TRA CONFERME E DELUSIONI – Anche i biancoazzurri sono attesi ai vertici della graduatoria, ma stentano parecchio. Marino, prima vittoria a parte, non ha mai portato a casa tre punti in una gara sola, sciupando occasioni su occasioni, frutto anche di errori arbitrali e sfortuna, che non possono però ergersi come giustificazioni eterne. Chi è forte vince e risolve i problemi. Questi sono i fatti e alla lunga emergono se supportati da basi. Altrimenti sarebbe ora di cambiare strategia, senza alibi. Ma torniamo in alto, perché non è solo il Lanciano la sorpresa del momento. C’è un ottimo Cesena che continua a vincere e scalare posizioni, candidandosi come ostica outsider del torneo e il Crotone delle meraviglie che dopo un avvio particolare ha messo a segno cinque vittorie nelle ultime sei gare: un bottino niente male per i pitagorici: giovani, frizzanti ma con un gioco di veterani che riescono a strappare punti ovunque grazie al sudore della fronte ed una difesa impeccabile. Ed a proposito di Crotone, è il Bari, avversario del club di Drago domenica, ad aggiudicarsi il premio “Sfortuna 2013”. Una partita ai limiti del clamoroso, che i padroni di casa hanno concluso con ventidue tiri, tra cui solo uno ha trafitto Gomis. Poi solo tanti tentativi, che tra errori di misura, mancati agganci sotto porta, pali, traverse e rigori sbagliati sono rimasti persi nel nulla. Il tutto mentre gli ospiti alle prime opportunità chiudevano i conti con Del Prete e Pettinari. Sarà sicuramente stato il più bel Bari della stagione, non dovrebbero esserci dubbi, ma il vuoto raccolto nelle ultime tre gare è eclatante in relazione alle prestazioni proposte. Alberti forse può fare poco, o forse qualcosa sì. Ma una domanda è lecita: perché ostinarsi a cambiare modulo e interpreti partita dopo partita? Perché non creare delle gerarchie, un piccolo schieramento di base e poi magari apporre delle modifiche di sabato in sabato? 4-3-3, 3-4-3, 3-5-2, 4-2-3-1 e chi più ne ha più ne metta. Ma cambiare così continuativamente schemi ed interpreti rischia solo di risultare dannoso per una squadra che comunque manca del terminale offensivo da doppia cifra. E qui può poco Alberti, così come poteva poco Angelozzi in sede di mercato.

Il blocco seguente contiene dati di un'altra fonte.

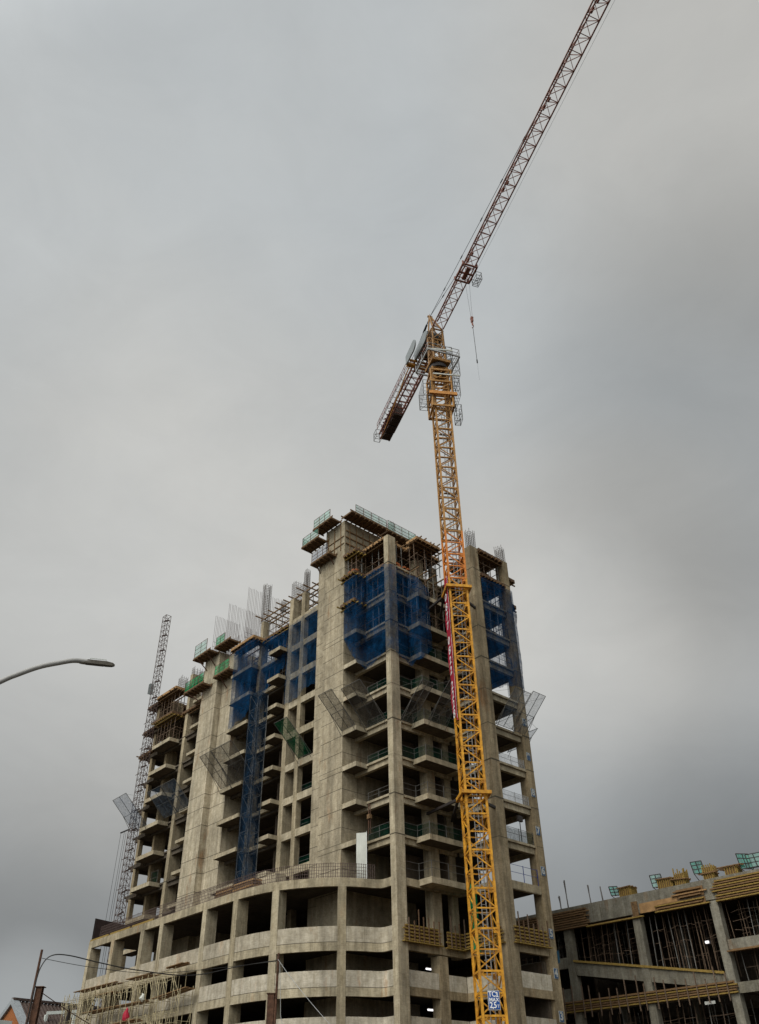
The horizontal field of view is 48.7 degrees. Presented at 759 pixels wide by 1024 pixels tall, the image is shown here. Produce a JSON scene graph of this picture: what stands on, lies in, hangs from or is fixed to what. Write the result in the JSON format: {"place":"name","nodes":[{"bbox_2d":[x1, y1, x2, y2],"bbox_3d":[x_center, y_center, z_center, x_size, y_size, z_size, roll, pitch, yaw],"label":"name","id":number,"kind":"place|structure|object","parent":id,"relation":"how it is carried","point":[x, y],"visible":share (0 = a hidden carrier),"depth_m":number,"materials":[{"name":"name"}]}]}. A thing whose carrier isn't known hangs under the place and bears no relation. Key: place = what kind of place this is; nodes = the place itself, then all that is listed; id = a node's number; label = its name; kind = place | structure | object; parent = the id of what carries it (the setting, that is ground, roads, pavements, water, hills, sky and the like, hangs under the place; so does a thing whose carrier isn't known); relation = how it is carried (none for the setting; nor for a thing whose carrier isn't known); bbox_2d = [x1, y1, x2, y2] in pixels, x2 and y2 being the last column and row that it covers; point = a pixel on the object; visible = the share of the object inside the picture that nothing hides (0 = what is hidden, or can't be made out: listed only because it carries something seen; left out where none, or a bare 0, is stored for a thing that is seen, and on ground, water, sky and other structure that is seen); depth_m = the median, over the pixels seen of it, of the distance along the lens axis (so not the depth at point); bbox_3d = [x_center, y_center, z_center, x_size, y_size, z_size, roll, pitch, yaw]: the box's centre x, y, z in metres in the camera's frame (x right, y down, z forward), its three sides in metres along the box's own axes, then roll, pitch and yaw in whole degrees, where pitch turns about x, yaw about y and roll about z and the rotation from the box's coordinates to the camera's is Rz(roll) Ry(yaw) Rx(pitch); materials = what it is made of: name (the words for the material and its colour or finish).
{"place":"outdoors","nodes":[
{"label":"outdoors","id":0,"kind":"place"},
{"bbox_2d":[0,997,100,1023],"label":"brick house","id":1,"kind":"structure","parent":0,"point":[15,1010],"depth_m":91.08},
{"bbox_2d":[0,658,114,683],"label":"street lamp","id":2,"kind":"object","parent":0,"point":[100,663],"visible":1,"depth_m":12.24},
{"bbox_2d":[234,691,268,883],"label":"scaffold tower","id":3,"kind":"structure","parent":0,"point":[250,808],"depth_m":78.73,"materials":[{"name":"metal"}]},
{"bbox_2d":[0,0,758,1013],"label":"sky","id":4,"kind":"structure","parent":0,"point":[230,229],"materials":[{"name":"grey"}]},
{"label":"ground","id":5,"kind":"structure","parent":0,"visible":0},
{"bbox_2d":[25,949,42,1023],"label":"pipe post","id":6,"kind":"object","parent":5,"relation":"on","point":[39,961],"visible":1,"depth_m":28.08,"materials":[{"name":"metal"}]},
{"bbox_2d":[26,954,276,1023],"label":"cable","id":7,"kind":"object","parent":6,"relation":"attached to","point":[124,968],"visible":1,"depth_m":30.05,"materials":[{"name":"rubber"}]},
{"bbox_2d":[42,958,275,972],"bbox_3d":[-7.862,17.057,31.811,0.163,1.148,10.510,-30,-46,32],"label":"cable","id":8,"kind":"object","parent":6,"relation":"attached to","point":[166,972],"visible":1,"depth_m":30.60,"materials":[{"name":"rubber"}]},
{"bbox_2d":[29,986,45,1023],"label":"steel post","id":9,"kind":"object","parent":5,"relation":"on","point":[36,1006],"visible":1,"depth_m":27.75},
{"bbox_2d":[60,981,122,1023],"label":"frame scaffold","id":10,"kind":"object","parent":5,"relation":"on","point":[104,993],"visible":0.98,"depth_m":74.11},
{"bbox_2d":[94,614,170,1008],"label":"hoist mast","id":11,"kind":"object","parent":5,"relation":"on","point":[150,687],"visible":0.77,"depth_m":97.56,"materials":[{"name":"metal"}]},
{"bbox_2d":[109,973,159,1023],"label":"frame scaffold","id":12,"kind":"object","parent":5,"relation":"on","point":[135,979],"visible":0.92,"depth_m":69.78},
{"bbox_2d":[111,1010,176,1023],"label":"frame scaffold","id":13,"kind":"object","parent":5,"relation":"on","point":[130,1021],"visible":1,"depth_m":65.30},
{"bbox_2d":[147,962,194,1023],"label":"frame scaffold","id":14,"kind":"object","parent":5,"relation":"on","point":[180,990],"visible":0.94,"depth_m":66.33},
{"bbox_2d":[266,993,274,1023],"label":"steel post","id":15,"kind":"object","parent":5,"relation":"on","point":[270,1008],"visible":1,"depth_m":34.33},
{"bbox_2d":[273,953,279,1023],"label":"pipe post","id":16,"kind":"object","parent":5,"relation":"on","point":[276,988],"visible":1,"depth_m":34.73,"materials":[{"name":"metal"}]},
{"bbox_2d":[75,520,565,1023],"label":"tower building","id":17,"kind":"structure","parent":5,"relation":"on","point":[348,955],"depth_m":71.97,"materials":[{"name":"concrete"}]},
{"bbox_2d":[92,918,131,938],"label":"tarp screen","id":18,"kind":"object","parent":17,"relation":"on","point":[99,924],"visible":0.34,"depth_m":82.86,"materials":[{"name":"fabric"}]},
{"bbox_2d":[113,793,146,831],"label":"catch net","id":19,"kind":"object","parent":17,"relation":"attached to","point":[129,812],"visible":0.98,"depth_m":94.60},
{"bbox_2d":[156,713,184,744],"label":"falsework","id":20,"kind":"object","parent":17,"relation":"on","point":[169,730],"visible":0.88,"depth_m":100.26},
{"bbox_2d":[152,710,182,727],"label":"formwork deck","id":21,"kind":"structure","parent":20,"relation":"on","point":[167,715],"depth_m":100.54,"materials":[{"name":"brown wood"}]},
{"bbox_2d":[160,689,187,717],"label":"falsework","id":22,"kind":"object","parent":17,"relation":"on","point":[177,703],"visible":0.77,"depth_m":102.49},
{"bbox_2d":[155,686,184,705],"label":"formwork deck","id":23,"kind":"structure","parent":22,"relation":"on","point":[168,693],"depth_m":102.83,"materials":[{"name":"brown wood"}]},
{"bbox_2d":[100,873,255,934],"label":"rebar fence","id":24,"kind":"object","parent":17,"relation":"on","point":[131,923],"visible":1,"depth_m":72.07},
{"bbox_2d":[183,671,212,701],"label":"work platform","id":25,"kind":"structure","parent":17,"relation":"attached to","point":[195,687],"depth_m":95.93,"materials":[{"name":"green wood"}]},
{"bbox_2d":[193,638,219,670],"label":"work platform","id":26,"kind":"structure","parent":17,"relation":"attached to","point":[205,656],"depth_m":97.55,"materials":[{"name":"brown wood"}]},
{"bbox_2d":[200,751,231,792],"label":"catch net","id":27,"kind":"object","parent":17,"relation":"attached to","point":[216,772],"visible":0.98,"depth_m":84.22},
{"bbox_2d":[213,657,237,687],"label":"work platform","id":28,"kind":"structure","parent":17,"relation":"attached to","point":[223,670],"depth_m":93.89,"materials":[{"name":"fabric"}]},
{"bbox_2d":[214,633,240,651],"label":"work platform","id":29,"kind":"structure","parent":17,"relation":"attached to","point":[223,644],"depth_m":96.16,"materials":[{"name":"brown wood"}]},
{"bbox_2d":[211,740,244,787],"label":"catch net","id":30,"kind":"object","parent":17,"relation":"attached to","point":[227,754],"visible":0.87,"depth_m":82.60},
{"bbox_2d":[212,617,256,655],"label":"rebar mat","id":31,"kind":"object","parent":17,"relation":"attached to","point":[230,630],"visible":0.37,"depth_m":102.20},
{"bbox_2d":[216,878,261,896],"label":"timber stack","id":32,"kind":"object","parent":17,"relation":"on","point":[247,886],"visible":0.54,"depth_m":67.47,"materials":[{"name":"orange wood"}]},
{"bbox_2d":[231,634,263,655],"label":"formwork deck","id":33,"kind":"structure","parent":17,"relation":"on","point":[243,643],"depth_m":93.13,"materials":[{"name":"brown wood"}]},
{"bbox_2d":[224,605,273,660],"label":"rebar mat","id":34,"kind":"object","parent":17,"relation":"on","point":[243,627],"visible":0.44,"depth_m":100.38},
{"bbox_2d":[228,631,286,728],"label":"safety net","id":35,"kind":"object","parent":17,"relation":"attached to","point":[243,677],"visible":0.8,"depth_m":89.57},
{"bbox_2d":[260,585,271,623],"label":"rebar cage","id":36,"kind":"object","parent":17,"relation":"on","point":[267,599],"visible":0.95,"depth_m":96.41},
{"bbox_2d":[244,590,288,649],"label":"rebar mat","id":37,"kind":"object","parent":17,"relation":"attached to","point":[261,614],"visible":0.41,"depth_m":97.90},
{"bbox_2d":[259,873,285,884],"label":"block pallet","id":38,"kind":"object","parent":17,"relation":"on","point":[276,876],"visible":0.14,"depth_m":66.76,"materials":[{"name":"concrete"}]},
{"bbox_2d":[261,623,288,645],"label":"formwork deck","id":39,"kind":"structure","parent":17,"relation":"on","point":[282,629],"depth_m":90.81,"materials":[{"name":"brown wood"}]},
{"bbox_2d":[255,582,318,626],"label":"formwork deck","id":40,"kind":"structure","parent":17,"relation":"on","point":[317,584],"depth_m":92.86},
{"bbox_2d":[267,588,318,635],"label":"falsework","id":41,"kind":"object","parent":17,"relation":"on","point":[289,616],"visible":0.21,"depth_m":92.70,"materials":[{"name":"metal"}]},
{"bbox_2d":[274,717,312,762],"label":"catch net","id":42,"kind":"object","parent":17,"relation":"attached to","point":[293,735],"visible":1,"depth_m":77.85,"materials":[{"name":"green fabric"}]},
{"bbox_2d":[301,527,327,553],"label":"work platform","id":43,"kind":"structure","parent":17,"relation":"attached to","point":[313,544],"depth_m":88.77,"materials":[{"name":"brown wood"}]},
{"bbox_2d":[255,862,374,885],"bbox_3d":[-5.182,27.955,64.785,9.568,1.149,1.426,-7,-38,7],"label":"rebar fence","id":44,"kind":"object","parent":17,"relation":"on","point":[335,869],"visible":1,"depth_m":64.42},
{"bbox_2d":[310,543,336,572],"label":"work platform","id":45,"kind":"structure","parent":17,"relation":"attached to","point":[322,559],"depth_m":86.60,"materials":[{"name":"brown wood"}]},
{"bbox_2d":[313,509,341,536],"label":"work platform","id":46,"kind":"structure","parent":17,"relation":"on","point":[328,524],"depth_m":88.36,"materials":[{"name":"brown wood"}]},
{"bbox_2d":[318,689,354,734],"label":"catch net","id":47,"kind":"object","parent":17,"relation":"attached to","point":[338,711],"visible":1,"depth_m":72.97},
{"bbox_2d":[325,525,370,553],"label":"panel formwork","id":48,"kind":"object","parent":17,"relation":"attached to","point":[356,541],"visible":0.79,"depth_m":87.12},
{"bbox_2d":[337,597,366,614],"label":"formwork deck","id":49,"kind":"structure","parent":17,"relation":"on","point":[343,605],"depth_m":80.37,"materials":[{"name":"brown wood"}]},
{"bbox_2d":[347,576,363,599],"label":"falsework","id":50,"kind":"object","parent":17,"relation":"on","point":[353,588],"visible":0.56,"depth_m":82.07,"materials":[{"name":"metal"}]},
{"bbox_2d":[338,569,365,586],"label":"formwork deck","id":51,"kind":"structure","parent":50,"relation":"on","point":[344,578],"depth_m":82.25,"materials":[{"name":"brown wood"}]},
{"bbox_2d":[347,547,364,571],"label":"falsework","id":52,"kind":"object","parent":17,"relation":"on","point":[353,564],"visible":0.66,"depth_m":83.68,"materials":[{"name":"metal"}]},
{"bbox_2d":[343,547,365,562],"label":"formwork deck","id":53,"kind":"structure","parent":52,"relation":"on","point":[352,553],"depth_m":83.96,"materials":[{"name":"brown wood"}]},
{"bbox_2d":[356,831,366,878],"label":"white cladding sheet","id":54,"kind":"object","parent":17,"relation":"on","point":[361,847],"visible":0.93,"depth_m":65.60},
{"bbox_2d":[341,679,385,732],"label":"catch net","id":55,"kind":"object","parent":17,"relation":"attached to","point":[365,702],"visible":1,"depth_m":72.23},
{"bbox_2d":[341,505,387,536],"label":"work platform","id":56,"kind":"structure","parent":17,"relation":"on","point":[355,517],"depth_m":88.12,"materials":[{"name":"brown wood"}]},
{"bbox_2d":[358,545,383,573],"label":"falsework","id":57,"kind":"object","parent":17,"relation":"on","point":[378,561],"visible":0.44,"depth_m":84.20,"materials":[{"name":"metal"}]},
{"bbox_2d":[360,537,406,568],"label":"formwork deck","id":58,"kind":"structure","parent":57,"relation":"on","point":[375,545],"depth_m":84.44,"materials":[{"name":"brown wood"}]},
{"bbox_2d":[368,747,387,762],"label":"guardrail","id":59,"kind":"object","parent":17,"relation":"on","point":[383,752],"visible":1,"depth_m":70.61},
{"bbox_2d":[368,822,389,840],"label":"guardrail","id":60,"kind":"object","parent":17,"relation":"on","point":[379,829],"visible":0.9,"depth_m":66.82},
{"bbox_2d":[343,563,431,668],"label":"safety net","id":61,"kind":"object","parent":17,"relation":"attached to","point":[390,620],"visible":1,"depth_m":78.13,"materials":[{"name":"fabric"}]},
{"bbox_2d":[378,520,415,547],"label":"work platform","id":62,"kind":"structure","parent":17,"relation":"on","point":[401,540],"depth_m":90.34,"materials":[{"name":"brown wood"}]},
{"bbox_2d":[382,541,437,581],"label":"falsework","id":63,"kind":"object","parent":17,"relation":"on","point":[396,542],"visible":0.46,"depth_m":84.38,"materials":[{"name":"metal"}]},
{"bbox_2d":[397,547,441,571],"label":"formwork deck","id":64,"kind":"structure","parent":63,"relation":"on","point":[405,555],"depth_m":85.57,"materials":[{"name":"brown wood"}]},
{"bbox_2d":[401,679,433,726],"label":"catch net","id":65,"kind":"object","parent":17,"relation":"attached to","point":[413,708],"visible":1,"depth_m":71.91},
{"bbox_2d":[402,909,443,946],"bbox_3d":[3.214,30.968,62.486,4.000,2.275,0.300,28,-46,-32],"label":"wall formwork","id":66,"kind":"object","parent":17,"relation":"attached to","point":[423,935],"depth_m":62.18,"materials":[{"name":"yellow wood"}]},
{"bbox_2d":[399,644,447,662],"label":"guardrail","id":67,"kind":"object","parent":17,"relation":"on","point":[438,654],"visible":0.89,"depth_m":76.69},
{"bbox_2d":[406,540,441,580],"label":"falsework","id":68,"kind":"object","parent":17,"relation":"on","point":[424,558],"visible":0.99,"depth_m":83.41,"materials":[{"name":"metal"}]},
{"bbox_2d":[406,536,441,558],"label":"formwork deck","id":69,"kind":"structure","parent":68,"relation":"on","point":[421,543],"depth_m":83.79,"materials":[{"name":"brown wood"}]},
{"bbox_2d":[400,675,450,694],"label":"guardrail","id":70,"kind":"object","parent":17,"relation":"on","point":[410,683],"visible":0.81,"depth_m":74.54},
{"bbox_2d":[407,566,443,599],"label":"falsework","id":71,"kind":"object","parent":17,"relation":"on","point":[436,583],"visible":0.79,"depth_m":81.87,"materials":[{"name":"metal"}]},
{"bbox_2d":[401,708,454,728],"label":"guardrail","id":72,"kind":"object","parent":17,"relation":"on","point":[426,711],"visible":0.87,"depth_m":72.44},
{"bbox_2d":[411,594,444,631],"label":"falsework","id":73,"kind":"object","parent":17,"relation":"on","point":[437,624],"visible":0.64,"depth_m":79.73,"materials":[{"name":"metal"}]},
{"bbox_2d":[402,743,456,764],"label":"guardrail","id":74,"kind":"object","parent":17,"relation":"on","point":[426,749],"visible":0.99,"depth_m":70.65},
{"bbox_2d":[404,821,462,841],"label":"guardrail","id":75,"kind":"object","parent":17,"relation":"on","point":[418,831],"visible":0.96,"depth_m":66.80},
{"bbox_2d":[428,679,464,730],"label":"catch net","id":76,"kind":"object","parent":17,"relation":"attached to","point":[445,709],"visible":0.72,"depth_m":72.14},
{"bbox_2d":[445,916,467,951],"bbox_3d":[5.904,32.422,64.388,2.400,2.284,0.300,28,-46,-32],"label":"wall formwork","id":77,"kind":"object","parent":17,"relation":"attached to","point":[455,941],"depth_m":64.02,"materials":[{"name":"yellow wood"}]},
{"bbox_2d":[446,548,502,574],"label":"formwork deck","id":78,"kind":"structure","parent":17,"relation":"on","point":[487,558],"depth_m":85.21,"materials":[{"name":"brown wood"}]},
{"bbox_2d":[469,884,480,951],"bbox_3d":[7.301,31.139,64.450,0.743,4.901,0.138,13,-40,-18],"label":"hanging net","id":79,"kind":"object","parent":17,"relation":"hanging from","point":[473,927],"visible":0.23,"depth_m":64.54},
{"bbox_2d":[463,915,505,950],"bbox_3d":[7.855,31.815,63.701,0.300,2.259,4.100,28,-46,-32],"label":"wall formwork","id":80,"kind":"object","parent":17,"relation":"attached to","point":[481,938],"depth_m":63.41,"materials":[{"name":"yellow wood"}]},
{"bbox_2d":[478,572,505,595],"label":"formwork deck","id":81,"kind":"structure","parent":17,"relation":"on","point":[486,576],"depth_m":83.06,"materials":[{"name":"brown wood"}]},
{"bbox_2d":[481,577,524,696],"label":"safety net","id":82,"kind":"object","parent":17,"relation":"attached to","point":[512,635],"visible":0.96,"depth_m":79.48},
{"bbox_2d":[492,687,530,733],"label":"catch net","id":83,"kind":"object","parent":17,"relation":"attached to","point":[512,710],"visible":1,"depth_m":73.29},
{"bbox_2d":[506,826,533,844],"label":"guardrail","id":84,"kind":"object","parent":17,"relation":"on","point":[518,836],"visible":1,"depth_m":68.36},
{"bbox_2d":[512,691,545,739],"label":"catch net","id":85,"kind":"object","parent":17,"relation":"attached to","point":[527,714],"visible":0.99,"depth_m":74.37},
{"bbox_2d":[513,911,552,948],"bbox_3d":[11.567,31.736,63.622,4.200,2.176,0.300,28,-46,-32],"label":"wall formwork","id":86,"kind":"object","parent":17,"relation":"attached to","point":[524,935],"depth_m":63.28,"materials":[{"name":"yellow wood"}]},
{"bbox_2d":[374,0,614,1023],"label":"tower crane","id":87,"kind":"object","parent":5,"relation":"on","point":[429,347],"visible":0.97,"depth_m":76.35,"materials":[{"name":"yellow metal"}]},
{"bbox_2d":[444,575,457,719],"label":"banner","id":88,"kind":"object","parent":87,"relation":"hanging from","point":[450,657],"visible":1,"depth_m":72.62,"materials":[{"name":"red fabric"}]},
{"bbox_2d":[487,990,500,1009],"bbox_3d":[7.668,32.684,56.088,0.820,1.140,0.064,4,-38,-7],"label":"crane sign","id":89,"kind":"object","parent":87,"relation":"attached to","point":[493,999],"visible":1,"depth_m":56.07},
{"bbox_2d":[516,868,758,1023],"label":"parking structure","id":90,"kind":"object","parent":5,"relation":"on","point":[597,977],"visible":0.65,"depth_m":77.69,"materials":[{"name":"grey concrete"}]},
{"bbox_2d":[516,907,589,932],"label":"beam formwork","id":91,"kind":"object","parent":90,"relation":"attached to","point":[570,919],"visible":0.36,"depth_m":78.91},
{"bbox_2d":[526,934,584,963],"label":"falsework","id":92,"kind":"object","parent":90,"relation":"on","point":[561,947],"visible":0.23,"depth_m":80.96,"materials":[{"name":"metal"}]},
{"bbox_2d":[586,915,643,926],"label":"beam formwork","id":93,"kind":"object","parent":90,"relation":"attached to","point":[615,921],"visible":1,"depth_m":75.56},
{"bbox_2d":[580,921,657,964],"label":"falsework","id":94,"kind":"object","parent":90,"relation":"on","point":[611,945],"visible":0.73,"depth_m":77.21,"materials":[{"name":"metal"}]},
{"bbox_2d":[615,885,636,896],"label":"column formwork","id":95,"kind":"object","parent":90,"relation":"on","point":[627,890],"depth_m":76.86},
{"bbox_2d":[562,966,738,1019],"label":"beam formwork","id":96,"kind":"object","parent":90,"relation":"attached to","point":[708,990],"visible":0.92,"depth_m":70.67,"materials":[{"name":"wood"}]},
{"bbox_2d":[639,896,676,912],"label":"plywood sheet","id":97,"kind":"object","parent":90,"relation":"attached to","point":[645,907],"visible":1,"depth_m":73.97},
{"bbox_2d":[654,877,674,888],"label":"column formwork","id":98,"kind":"object","parent":90,"relation":"on","point":[665,882],"depth_m":74.59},
{"bbox_2d":[598,998,756,1023],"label":"falsework","id":99,"kind":"object","parent":90,"relation":"on","point":[697,1022],"visible":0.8,"depth_m":70.43,"materials":[{"name":"metal"}]},
{"bbox_2d":[670,868,690,884],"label":"column formwork","id":100,"kind":"object","parent":90,"relation":"on","point":[681,878],"depth_m":73.92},
{"bbox_2d":[654,896,709,912],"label":"beam formwork","id":101,"kind":"object","parent":90,"relation":"attached to","point":[682,904],"visible":1,"depth_m":72.19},
{"bbox_2d":[671,885,706,899],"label":"beam formwork","id":102,"kind":"object","parent":90,"relation":"attached to","point":[690,892],"visible":1,"depth_m":72.17,"materials":[{"name":"orange wood"}]},
{"bbox_2d":[649,907,741,976],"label":"falsework","id":103,"kind":"object","parent":90,"relation":"on","point":[699,926],"visible":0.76,"depth_m":72.72,"materials":[{"name":"metal"}]},
{"bbox_2d":[689,860,702,880],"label":"screen frame","id":104,"kind":"object","parent":90,"relation":"on","point":[696,866],"visible":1,"depth_m":73.31,"materials":[{"name":"metal"}]},
{"bbox_2d":[698,863,718,879],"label":"column formwork","id":105,"kind":"object","parent":90,"relation":"on","point":[711,871],"depth_m":72.41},
{"bbox_2d":[715,863,743,874],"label":"column formwork","id":106,"kind":"object","parent":90,"relation":"on","point":[731,869],"depth_m":71.20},
{"bbox_2d":[709,871,758,901],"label":"beam formwork","id":107,"kind":"object","parent":90,"relation":"attached to","point":[736,887],"visible":1,"depth_m":69.64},
{"bbox_2d":[724,897,758,937],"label":"falsework","id":108,"kind":"object","parent":90,"relation":"on","point":[754,907],"visible":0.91,"depth_m":69.96,"materials":[{"name":"metal"}]},
{"bbox_2d":[735,853,758,870],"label":"screen frame","id":109,"kind":"object","parent":90,"relation":"on","point":[740,857],"visible":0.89,"depth_m":71.13,"materials":[{"name":"metal"}]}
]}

L’ANALISI – Quest’anno mancano le grandi big ammazza-campionato, la sensazione è questa. Eppure per la lotta salvezza il livello tecnico è cresciuto: Padova, Juve Stabia e Ternana sono le ultime tre della classe: compagini attrezzate, da cui si attende una pronta risalita, e sicuramente meglio formate rispetto magari ad un Carpi, capace con coraggio di strappare i suoi punti ed allontanarsi dalle zone più calde. Siamo solo all’inizio, ma l’impressione è che finalmente siano estinte “retrocesse invernali” come il Grosseto nella passata stagione, tanto per intenderci.